Assignment: Copy, exactly and without additions, every line in the records below from the one holding "Q 469.074 727.195, 469.834 728.115" through the one holding "Q 52.951 494.306, 50.591 497.106", both ends included.
Exercise data START
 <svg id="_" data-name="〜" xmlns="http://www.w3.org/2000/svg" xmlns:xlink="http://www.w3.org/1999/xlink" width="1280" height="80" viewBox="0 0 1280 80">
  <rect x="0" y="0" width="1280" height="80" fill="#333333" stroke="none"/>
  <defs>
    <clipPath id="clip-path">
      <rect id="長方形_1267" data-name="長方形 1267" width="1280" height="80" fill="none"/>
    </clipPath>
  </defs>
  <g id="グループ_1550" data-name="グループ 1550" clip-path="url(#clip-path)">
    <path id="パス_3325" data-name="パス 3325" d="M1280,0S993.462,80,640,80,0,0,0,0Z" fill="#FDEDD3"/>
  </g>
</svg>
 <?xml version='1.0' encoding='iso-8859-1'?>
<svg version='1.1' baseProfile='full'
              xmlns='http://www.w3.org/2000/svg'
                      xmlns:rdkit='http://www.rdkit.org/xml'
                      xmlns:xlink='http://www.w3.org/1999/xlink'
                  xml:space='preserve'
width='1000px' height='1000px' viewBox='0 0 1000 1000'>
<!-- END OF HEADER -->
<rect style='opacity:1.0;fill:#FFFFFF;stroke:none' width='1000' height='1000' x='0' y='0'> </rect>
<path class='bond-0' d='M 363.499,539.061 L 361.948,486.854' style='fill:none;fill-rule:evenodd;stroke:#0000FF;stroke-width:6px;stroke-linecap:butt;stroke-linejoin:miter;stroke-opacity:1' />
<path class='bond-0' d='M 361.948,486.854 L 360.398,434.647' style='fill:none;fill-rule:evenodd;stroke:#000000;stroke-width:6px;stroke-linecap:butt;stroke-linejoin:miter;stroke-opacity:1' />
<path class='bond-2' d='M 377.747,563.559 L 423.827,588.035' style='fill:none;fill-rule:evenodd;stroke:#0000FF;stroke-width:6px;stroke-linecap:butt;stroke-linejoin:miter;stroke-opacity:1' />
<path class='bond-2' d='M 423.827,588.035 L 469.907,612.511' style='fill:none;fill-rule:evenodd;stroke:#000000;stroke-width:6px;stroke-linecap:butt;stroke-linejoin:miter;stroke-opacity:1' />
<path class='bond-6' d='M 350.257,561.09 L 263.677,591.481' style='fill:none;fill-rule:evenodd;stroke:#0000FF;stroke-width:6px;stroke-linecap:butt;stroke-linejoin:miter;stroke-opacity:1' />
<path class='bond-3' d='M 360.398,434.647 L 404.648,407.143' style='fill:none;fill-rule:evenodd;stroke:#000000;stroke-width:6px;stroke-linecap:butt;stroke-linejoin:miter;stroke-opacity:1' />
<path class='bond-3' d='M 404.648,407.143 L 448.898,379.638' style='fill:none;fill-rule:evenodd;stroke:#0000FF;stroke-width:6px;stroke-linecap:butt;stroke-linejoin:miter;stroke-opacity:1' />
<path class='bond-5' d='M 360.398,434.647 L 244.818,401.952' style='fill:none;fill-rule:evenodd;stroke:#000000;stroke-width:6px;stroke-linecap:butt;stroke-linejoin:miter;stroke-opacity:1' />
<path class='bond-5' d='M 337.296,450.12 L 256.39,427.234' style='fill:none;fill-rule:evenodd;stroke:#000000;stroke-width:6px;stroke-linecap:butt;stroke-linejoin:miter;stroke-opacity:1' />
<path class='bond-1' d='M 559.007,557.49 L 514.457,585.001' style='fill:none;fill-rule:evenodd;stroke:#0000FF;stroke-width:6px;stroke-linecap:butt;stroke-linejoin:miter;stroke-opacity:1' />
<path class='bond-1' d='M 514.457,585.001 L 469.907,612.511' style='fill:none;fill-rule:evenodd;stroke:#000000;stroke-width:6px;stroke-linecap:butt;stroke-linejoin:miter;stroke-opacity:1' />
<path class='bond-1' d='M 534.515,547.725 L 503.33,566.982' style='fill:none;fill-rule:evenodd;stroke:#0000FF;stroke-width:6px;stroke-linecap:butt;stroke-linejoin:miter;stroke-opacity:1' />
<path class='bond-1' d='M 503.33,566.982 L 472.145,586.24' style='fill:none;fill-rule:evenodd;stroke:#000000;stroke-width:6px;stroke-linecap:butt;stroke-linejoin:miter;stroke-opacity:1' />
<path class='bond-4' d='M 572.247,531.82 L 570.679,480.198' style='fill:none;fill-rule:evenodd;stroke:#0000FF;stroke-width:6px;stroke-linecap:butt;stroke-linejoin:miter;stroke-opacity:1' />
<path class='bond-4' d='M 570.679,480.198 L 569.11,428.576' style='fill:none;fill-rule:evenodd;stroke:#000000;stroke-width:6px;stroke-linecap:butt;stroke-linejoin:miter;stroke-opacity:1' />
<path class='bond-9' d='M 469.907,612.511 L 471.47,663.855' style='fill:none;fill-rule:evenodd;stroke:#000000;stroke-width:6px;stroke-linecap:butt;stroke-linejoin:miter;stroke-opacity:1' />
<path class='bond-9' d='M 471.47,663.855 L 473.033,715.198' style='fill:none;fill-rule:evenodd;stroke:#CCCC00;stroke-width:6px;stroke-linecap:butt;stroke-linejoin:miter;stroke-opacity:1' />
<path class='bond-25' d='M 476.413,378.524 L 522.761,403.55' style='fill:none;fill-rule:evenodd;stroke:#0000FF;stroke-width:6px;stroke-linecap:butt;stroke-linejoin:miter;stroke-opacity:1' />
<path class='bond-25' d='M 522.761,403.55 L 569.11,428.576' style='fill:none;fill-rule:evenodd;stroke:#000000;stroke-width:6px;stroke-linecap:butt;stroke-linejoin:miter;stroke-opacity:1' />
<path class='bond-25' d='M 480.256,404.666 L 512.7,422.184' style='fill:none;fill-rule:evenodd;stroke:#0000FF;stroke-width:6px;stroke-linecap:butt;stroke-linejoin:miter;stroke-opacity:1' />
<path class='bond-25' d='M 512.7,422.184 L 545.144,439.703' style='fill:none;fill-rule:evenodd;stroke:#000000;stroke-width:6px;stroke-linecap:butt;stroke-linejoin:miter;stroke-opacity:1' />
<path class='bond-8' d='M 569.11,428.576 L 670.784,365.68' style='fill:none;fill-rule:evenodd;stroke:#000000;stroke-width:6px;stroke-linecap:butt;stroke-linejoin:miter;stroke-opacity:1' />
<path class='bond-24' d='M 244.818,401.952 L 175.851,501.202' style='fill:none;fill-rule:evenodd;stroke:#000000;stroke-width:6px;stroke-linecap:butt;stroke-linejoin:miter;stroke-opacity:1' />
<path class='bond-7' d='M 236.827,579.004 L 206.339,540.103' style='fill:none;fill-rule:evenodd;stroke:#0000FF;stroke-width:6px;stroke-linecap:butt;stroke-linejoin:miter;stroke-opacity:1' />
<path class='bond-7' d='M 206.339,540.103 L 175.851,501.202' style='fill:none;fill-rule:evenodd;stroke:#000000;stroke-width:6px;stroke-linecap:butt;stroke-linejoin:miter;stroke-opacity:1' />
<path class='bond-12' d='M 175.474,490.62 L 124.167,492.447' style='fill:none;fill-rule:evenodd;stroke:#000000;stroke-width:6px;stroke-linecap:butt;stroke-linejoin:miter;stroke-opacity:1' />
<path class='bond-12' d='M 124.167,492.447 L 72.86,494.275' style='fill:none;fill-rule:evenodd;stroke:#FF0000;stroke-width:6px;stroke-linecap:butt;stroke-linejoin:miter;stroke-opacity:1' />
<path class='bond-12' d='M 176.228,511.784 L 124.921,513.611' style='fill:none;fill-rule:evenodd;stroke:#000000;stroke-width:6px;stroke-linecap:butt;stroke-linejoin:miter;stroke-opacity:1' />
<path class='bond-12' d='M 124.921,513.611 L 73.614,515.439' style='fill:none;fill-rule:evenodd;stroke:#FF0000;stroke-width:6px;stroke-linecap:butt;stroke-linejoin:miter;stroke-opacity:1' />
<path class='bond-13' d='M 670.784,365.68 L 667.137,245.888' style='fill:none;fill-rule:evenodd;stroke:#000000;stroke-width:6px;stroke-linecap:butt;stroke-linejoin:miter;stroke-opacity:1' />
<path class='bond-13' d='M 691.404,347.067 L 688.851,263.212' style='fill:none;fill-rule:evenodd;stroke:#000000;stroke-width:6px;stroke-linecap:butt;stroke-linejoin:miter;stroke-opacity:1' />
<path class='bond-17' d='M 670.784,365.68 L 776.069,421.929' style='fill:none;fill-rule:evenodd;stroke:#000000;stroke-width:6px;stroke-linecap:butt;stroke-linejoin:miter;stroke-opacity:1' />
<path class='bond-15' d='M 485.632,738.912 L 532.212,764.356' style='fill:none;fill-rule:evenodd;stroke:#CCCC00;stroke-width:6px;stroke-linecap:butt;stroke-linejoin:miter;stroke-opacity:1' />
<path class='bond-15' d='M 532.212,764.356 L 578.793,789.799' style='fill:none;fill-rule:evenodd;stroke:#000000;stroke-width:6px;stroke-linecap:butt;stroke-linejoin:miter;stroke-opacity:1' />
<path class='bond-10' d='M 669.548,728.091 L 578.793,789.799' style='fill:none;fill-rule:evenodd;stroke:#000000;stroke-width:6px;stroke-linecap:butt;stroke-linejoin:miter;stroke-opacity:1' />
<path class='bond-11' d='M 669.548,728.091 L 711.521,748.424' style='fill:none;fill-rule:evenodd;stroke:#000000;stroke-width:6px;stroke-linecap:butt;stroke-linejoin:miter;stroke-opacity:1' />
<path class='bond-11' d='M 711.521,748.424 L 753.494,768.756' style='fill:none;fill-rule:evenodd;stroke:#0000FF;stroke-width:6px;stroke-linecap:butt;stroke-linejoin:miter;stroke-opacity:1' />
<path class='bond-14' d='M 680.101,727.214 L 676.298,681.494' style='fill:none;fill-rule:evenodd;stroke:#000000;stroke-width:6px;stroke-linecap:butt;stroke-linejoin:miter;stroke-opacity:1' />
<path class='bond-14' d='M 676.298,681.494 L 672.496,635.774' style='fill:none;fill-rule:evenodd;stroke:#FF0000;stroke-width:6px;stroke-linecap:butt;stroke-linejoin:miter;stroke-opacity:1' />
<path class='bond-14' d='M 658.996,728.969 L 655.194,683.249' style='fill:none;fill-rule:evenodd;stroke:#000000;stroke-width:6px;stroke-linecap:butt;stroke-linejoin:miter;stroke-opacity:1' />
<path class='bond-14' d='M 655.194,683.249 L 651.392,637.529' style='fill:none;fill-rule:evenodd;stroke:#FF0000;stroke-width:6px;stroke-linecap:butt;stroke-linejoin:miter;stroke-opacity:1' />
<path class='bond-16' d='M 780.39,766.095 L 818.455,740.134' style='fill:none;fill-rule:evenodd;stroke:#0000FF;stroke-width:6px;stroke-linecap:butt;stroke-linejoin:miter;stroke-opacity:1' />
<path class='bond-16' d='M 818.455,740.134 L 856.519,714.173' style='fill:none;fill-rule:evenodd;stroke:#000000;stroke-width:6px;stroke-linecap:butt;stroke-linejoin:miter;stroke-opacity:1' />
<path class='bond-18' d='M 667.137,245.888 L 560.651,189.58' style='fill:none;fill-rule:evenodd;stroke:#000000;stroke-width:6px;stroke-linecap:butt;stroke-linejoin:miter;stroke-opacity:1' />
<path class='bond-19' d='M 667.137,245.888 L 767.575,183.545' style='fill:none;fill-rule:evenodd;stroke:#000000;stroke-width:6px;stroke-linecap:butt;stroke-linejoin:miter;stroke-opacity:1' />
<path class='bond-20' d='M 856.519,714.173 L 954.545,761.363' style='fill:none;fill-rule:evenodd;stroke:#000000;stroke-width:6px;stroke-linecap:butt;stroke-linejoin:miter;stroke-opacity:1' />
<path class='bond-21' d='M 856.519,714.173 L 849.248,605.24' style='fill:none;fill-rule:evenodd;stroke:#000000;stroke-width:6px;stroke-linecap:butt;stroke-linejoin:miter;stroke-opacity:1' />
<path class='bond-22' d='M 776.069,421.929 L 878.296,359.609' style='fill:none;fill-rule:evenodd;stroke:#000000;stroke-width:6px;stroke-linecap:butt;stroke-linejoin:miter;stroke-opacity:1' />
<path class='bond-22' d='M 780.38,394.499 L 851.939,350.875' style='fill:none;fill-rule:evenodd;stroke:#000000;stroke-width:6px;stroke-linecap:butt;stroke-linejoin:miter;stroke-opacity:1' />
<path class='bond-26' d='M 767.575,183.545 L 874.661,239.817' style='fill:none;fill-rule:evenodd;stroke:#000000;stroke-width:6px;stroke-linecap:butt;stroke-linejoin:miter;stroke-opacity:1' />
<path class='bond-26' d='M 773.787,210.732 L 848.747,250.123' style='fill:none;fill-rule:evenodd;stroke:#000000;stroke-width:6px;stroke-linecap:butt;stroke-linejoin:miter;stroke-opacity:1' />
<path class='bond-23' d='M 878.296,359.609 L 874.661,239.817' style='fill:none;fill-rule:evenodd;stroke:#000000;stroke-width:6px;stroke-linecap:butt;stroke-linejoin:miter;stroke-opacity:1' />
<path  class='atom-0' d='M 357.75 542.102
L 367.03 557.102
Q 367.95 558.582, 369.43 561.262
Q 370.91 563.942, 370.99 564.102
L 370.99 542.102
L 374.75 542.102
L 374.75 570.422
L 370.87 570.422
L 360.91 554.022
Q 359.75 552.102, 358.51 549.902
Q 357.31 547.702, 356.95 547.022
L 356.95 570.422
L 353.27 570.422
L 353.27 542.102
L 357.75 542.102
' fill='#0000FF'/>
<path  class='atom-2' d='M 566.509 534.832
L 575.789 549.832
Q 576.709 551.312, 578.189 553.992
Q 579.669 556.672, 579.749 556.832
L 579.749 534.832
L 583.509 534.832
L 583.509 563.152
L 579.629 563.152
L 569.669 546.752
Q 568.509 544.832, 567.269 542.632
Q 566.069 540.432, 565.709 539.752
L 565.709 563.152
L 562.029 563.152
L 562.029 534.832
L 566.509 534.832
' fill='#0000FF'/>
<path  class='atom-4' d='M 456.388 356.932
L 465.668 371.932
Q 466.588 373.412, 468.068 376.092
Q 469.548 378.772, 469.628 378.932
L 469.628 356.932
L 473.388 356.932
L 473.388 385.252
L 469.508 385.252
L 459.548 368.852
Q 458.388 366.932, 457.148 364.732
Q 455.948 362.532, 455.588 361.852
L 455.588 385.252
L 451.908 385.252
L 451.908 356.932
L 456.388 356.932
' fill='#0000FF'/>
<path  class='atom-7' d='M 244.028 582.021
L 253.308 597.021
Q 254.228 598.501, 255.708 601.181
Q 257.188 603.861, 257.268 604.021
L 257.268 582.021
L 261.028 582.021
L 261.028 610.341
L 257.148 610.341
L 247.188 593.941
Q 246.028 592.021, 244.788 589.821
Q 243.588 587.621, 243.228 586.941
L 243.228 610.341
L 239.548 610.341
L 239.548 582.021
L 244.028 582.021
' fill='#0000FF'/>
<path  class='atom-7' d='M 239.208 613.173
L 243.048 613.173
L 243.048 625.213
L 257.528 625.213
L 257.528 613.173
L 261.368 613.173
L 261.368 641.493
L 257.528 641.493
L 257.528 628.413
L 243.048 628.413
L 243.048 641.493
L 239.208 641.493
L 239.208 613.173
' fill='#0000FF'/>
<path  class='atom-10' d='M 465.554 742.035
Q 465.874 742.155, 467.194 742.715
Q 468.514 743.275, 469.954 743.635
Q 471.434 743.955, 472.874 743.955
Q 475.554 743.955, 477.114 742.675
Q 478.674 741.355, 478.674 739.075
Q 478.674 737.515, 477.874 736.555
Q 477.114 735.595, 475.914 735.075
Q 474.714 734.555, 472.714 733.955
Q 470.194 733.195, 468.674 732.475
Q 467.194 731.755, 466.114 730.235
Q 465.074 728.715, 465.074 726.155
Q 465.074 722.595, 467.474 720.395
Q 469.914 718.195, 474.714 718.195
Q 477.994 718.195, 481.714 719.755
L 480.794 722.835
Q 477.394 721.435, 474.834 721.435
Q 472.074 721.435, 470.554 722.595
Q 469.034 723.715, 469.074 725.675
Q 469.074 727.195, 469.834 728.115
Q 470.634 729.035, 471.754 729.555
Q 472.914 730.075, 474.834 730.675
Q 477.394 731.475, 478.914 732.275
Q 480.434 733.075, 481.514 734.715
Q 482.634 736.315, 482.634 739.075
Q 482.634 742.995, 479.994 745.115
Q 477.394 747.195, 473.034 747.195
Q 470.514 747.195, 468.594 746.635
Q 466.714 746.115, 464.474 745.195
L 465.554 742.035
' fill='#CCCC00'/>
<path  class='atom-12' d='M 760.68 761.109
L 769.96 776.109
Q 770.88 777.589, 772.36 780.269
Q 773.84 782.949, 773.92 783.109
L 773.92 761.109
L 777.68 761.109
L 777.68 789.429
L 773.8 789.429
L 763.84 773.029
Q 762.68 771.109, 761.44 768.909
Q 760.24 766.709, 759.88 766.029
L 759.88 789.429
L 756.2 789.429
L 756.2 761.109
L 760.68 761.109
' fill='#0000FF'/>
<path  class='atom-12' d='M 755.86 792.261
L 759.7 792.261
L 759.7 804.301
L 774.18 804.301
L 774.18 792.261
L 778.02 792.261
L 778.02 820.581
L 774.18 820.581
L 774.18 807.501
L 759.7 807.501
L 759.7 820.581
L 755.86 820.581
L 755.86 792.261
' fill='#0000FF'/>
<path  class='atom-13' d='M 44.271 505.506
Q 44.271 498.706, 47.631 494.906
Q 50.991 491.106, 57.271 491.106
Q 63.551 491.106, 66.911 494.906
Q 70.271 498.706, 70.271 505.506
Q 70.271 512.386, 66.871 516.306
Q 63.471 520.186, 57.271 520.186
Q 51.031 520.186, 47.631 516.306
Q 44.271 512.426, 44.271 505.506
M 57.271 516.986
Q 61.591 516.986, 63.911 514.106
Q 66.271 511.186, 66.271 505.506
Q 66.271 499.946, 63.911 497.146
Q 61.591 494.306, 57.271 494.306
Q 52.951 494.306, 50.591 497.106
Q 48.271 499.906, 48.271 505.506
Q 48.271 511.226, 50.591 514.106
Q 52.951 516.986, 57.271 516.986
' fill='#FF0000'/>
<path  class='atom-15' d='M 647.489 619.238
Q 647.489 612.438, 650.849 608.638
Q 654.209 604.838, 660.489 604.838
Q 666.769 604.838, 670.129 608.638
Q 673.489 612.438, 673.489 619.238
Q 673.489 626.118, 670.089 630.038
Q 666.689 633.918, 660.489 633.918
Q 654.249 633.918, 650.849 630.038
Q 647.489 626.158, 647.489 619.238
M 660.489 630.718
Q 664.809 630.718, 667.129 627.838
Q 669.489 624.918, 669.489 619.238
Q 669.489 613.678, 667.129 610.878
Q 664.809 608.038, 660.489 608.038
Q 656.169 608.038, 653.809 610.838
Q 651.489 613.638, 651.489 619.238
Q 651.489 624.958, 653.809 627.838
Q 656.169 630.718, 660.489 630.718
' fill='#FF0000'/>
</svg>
Exercise data END
Result of the exercise:
Q 469.074 727.195, 469.834 728.115
Q 470.634 729.035, 471.754 729.555
Q 472.914 730.075, 474.834 730.675
Q 477.394 731.475, 478.914 732.275
Q 480.434 733.075, 481.514 734.715
Q 482.634 736.315, 482.634 739.075
Q 482.634 742.995, 479.994 745.115
Q 477.394 747.195, 473.034 747.195
Q 470.514 747.195, 468.594 746.635
Q 466.714 746.115, 464.474 745.195
L 465.554 742.035
' fill='#CCCC00'/>
<path  class='atom-12' d='M 760.68 761.109
L 769.96 776.109
Q 770.88 777.589, 772.36 780.269
Q 773.84 782.949, 773.92 783.109
L 773.92 761.109
L 777.68 761.109
L 777.68 789.429
L 773.8 789.429
L 763.84 773.029
Q 762.68 771.109, 761.44 768.909
Q 760.24 766.709, 759.88 766.029
L 759.88 789.429
L 756.2 789.429
L 756.2 761.109
L 760.68 761.109
' fill='#0000FF'/>
<path  class='atom-12' d='M 755.86 792.261
L 759.7 792.261
L 759.7 804.301
L 774.18 804.301
L 774.18 792.261
L 778.02 792.261
L 778.02 820.581
L 774.18 820.581
L 774.18 807.501
L 759.7 807.501
L 759.7 820.581
L 755.86 820.581
L 755.86 792.261
' fill='#0000FF'/>
<path  class='atom-13' d='M 44.271 505.506
Q 44.271 498.706, 47.631 494.906
Q 50.991 491.106, 57.271 491.106
Q 63.551 491.106, 66.911 494.906
Q 70.271 498.706, 70.271 505.506
Q 70.271 512.386, 66.871 516.306
Q 63.471 520.186, 57.271 520.186
Q 51.031 520.186, 47.631 516.306
Q 44.271 512.426, 44.271 505.506
M 57.271 516.986
Q 61.591 516.986, 63.911 514.106
Q 66.271 511.186, 66.271 505.506
Q 66.271 499.946, 63.911 497.146
Q 61.591 494.306, 57.271 494.306
Q 52.951 494.306, 50.591 497.106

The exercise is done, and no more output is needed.